Il s’agit cette fois d’un album de Anne-Gaëlle Balpe et Vincent Mahé, aux éditions Milan.

Cet album donne à voir de magnifiques illustrations. Mais dès la première page, je me pose des questions : la longueur et la masse sont bien des grandeurs mesurables, mais pas la température ainsi considérée. Pour être mesurable, il me semble bien qu’il faut qu’on puisse effectuer des sommes avec du sens. Par exemple, une longueur de 1m plus une longueur de 2m, cela fait une longueur de 3m. Mais de l’eau à 10°C plus de l’eau à 20°C, cela ne donne pas de l’eau à 30°C. Et le paragraphe s’achève sur ce mystérieux « trois plus trois est toujours égal à six », écrit entièrement en lettres. Est-ce parce que le nombre est considéré ici comme une grandeur ? Une mesure de quantité ?

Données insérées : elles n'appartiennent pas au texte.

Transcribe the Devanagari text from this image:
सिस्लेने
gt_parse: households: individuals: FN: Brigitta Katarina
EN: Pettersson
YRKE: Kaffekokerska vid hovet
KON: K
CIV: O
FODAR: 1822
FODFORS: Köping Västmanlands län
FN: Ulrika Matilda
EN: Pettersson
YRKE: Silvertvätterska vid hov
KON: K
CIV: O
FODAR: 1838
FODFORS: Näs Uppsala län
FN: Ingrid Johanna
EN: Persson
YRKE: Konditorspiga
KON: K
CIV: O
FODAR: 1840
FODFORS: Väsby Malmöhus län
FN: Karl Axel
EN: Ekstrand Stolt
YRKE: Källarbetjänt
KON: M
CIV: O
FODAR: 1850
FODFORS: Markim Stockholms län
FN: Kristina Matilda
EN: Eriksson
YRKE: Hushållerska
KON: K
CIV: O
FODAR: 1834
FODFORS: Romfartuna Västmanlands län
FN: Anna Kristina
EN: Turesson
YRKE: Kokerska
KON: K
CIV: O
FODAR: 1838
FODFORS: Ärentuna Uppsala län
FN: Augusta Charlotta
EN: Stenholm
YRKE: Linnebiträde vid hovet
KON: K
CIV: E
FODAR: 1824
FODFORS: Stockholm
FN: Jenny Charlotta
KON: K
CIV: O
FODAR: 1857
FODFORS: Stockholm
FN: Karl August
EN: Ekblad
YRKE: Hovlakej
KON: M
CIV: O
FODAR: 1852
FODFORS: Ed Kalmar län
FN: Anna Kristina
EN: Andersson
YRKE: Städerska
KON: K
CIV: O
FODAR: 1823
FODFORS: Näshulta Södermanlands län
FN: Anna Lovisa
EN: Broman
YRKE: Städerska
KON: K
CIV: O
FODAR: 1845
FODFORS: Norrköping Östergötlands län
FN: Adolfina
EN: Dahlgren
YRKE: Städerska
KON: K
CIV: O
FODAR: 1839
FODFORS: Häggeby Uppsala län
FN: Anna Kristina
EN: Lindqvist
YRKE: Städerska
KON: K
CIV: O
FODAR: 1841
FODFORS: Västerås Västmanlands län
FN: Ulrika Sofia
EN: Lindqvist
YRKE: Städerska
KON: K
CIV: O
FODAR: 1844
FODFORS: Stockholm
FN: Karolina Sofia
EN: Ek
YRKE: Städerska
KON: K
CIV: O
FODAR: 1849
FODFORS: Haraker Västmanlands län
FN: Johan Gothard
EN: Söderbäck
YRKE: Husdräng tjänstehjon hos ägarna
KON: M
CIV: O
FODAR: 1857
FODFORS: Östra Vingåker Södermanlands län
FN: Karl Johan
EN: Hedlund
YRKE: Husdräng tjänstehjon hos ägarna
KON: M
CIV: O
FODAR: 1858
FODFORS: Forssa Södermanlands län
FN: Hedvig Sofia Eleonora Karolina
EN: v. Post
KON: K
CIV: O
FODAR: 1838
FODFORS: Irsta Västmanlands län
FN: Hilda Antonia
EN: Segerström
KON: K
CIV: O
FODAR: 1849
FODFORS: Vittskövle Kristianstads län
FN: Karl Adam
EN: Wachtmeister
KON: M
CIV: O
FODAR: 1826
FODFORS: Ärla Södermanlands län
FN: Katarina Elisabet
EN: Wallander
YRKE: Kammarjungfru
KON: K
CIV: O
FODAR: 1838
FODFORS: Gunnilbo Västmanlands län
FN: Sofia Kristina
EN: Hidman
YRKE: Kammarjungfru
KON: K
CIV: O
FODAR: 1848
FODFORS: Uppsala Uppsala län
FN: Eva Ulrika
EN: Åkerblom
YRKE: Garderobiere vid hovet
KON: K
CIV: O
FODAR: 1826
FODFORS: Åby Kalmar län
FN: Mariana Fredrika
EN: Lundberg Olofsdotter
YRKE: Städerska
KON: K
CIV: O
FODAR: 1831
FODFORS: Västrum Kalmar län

Parfois, je me fatigue moi-même. Je pourrais aussi lire tranquillou…

En fait, la suite de l’album va remiser mes questions.

La mission de l’important monsieur Gramme, qui contribue à conserver l’équilibre du monde, et qui n’est pas un jojo-le-rigolo, se précise : il « met des quantités sur des choses ». Il catégorise les grandeurs. Et ce pauvre monsieur « garde précieusement les modèles de rond, de carré, de triangle et de rectangle ». Alors là, monsieur Gramme, sortez de votre page ou laissez-moi y entrer s’il vous plaît. Faut qu’on discute. Si vous voulez, je vous amène 2 grammes de mon thé noir fumé du Malawi (118 844 mètres carrés, point culminant à 3 002 mètres), dans une tasse d’une capacité de 25cL avec 200 centimètres cubes d’eau à 90°C, et on s’assoit un petit quart d’heure pour parler de ronds, déjà, et puis pour causer carrés et rectangles, parce que je pressens que vous n’êtes pas 100% au clair. Or, cher monsieur Gramme, vous m’avez l’air d’un monsieur qui aime être au clair.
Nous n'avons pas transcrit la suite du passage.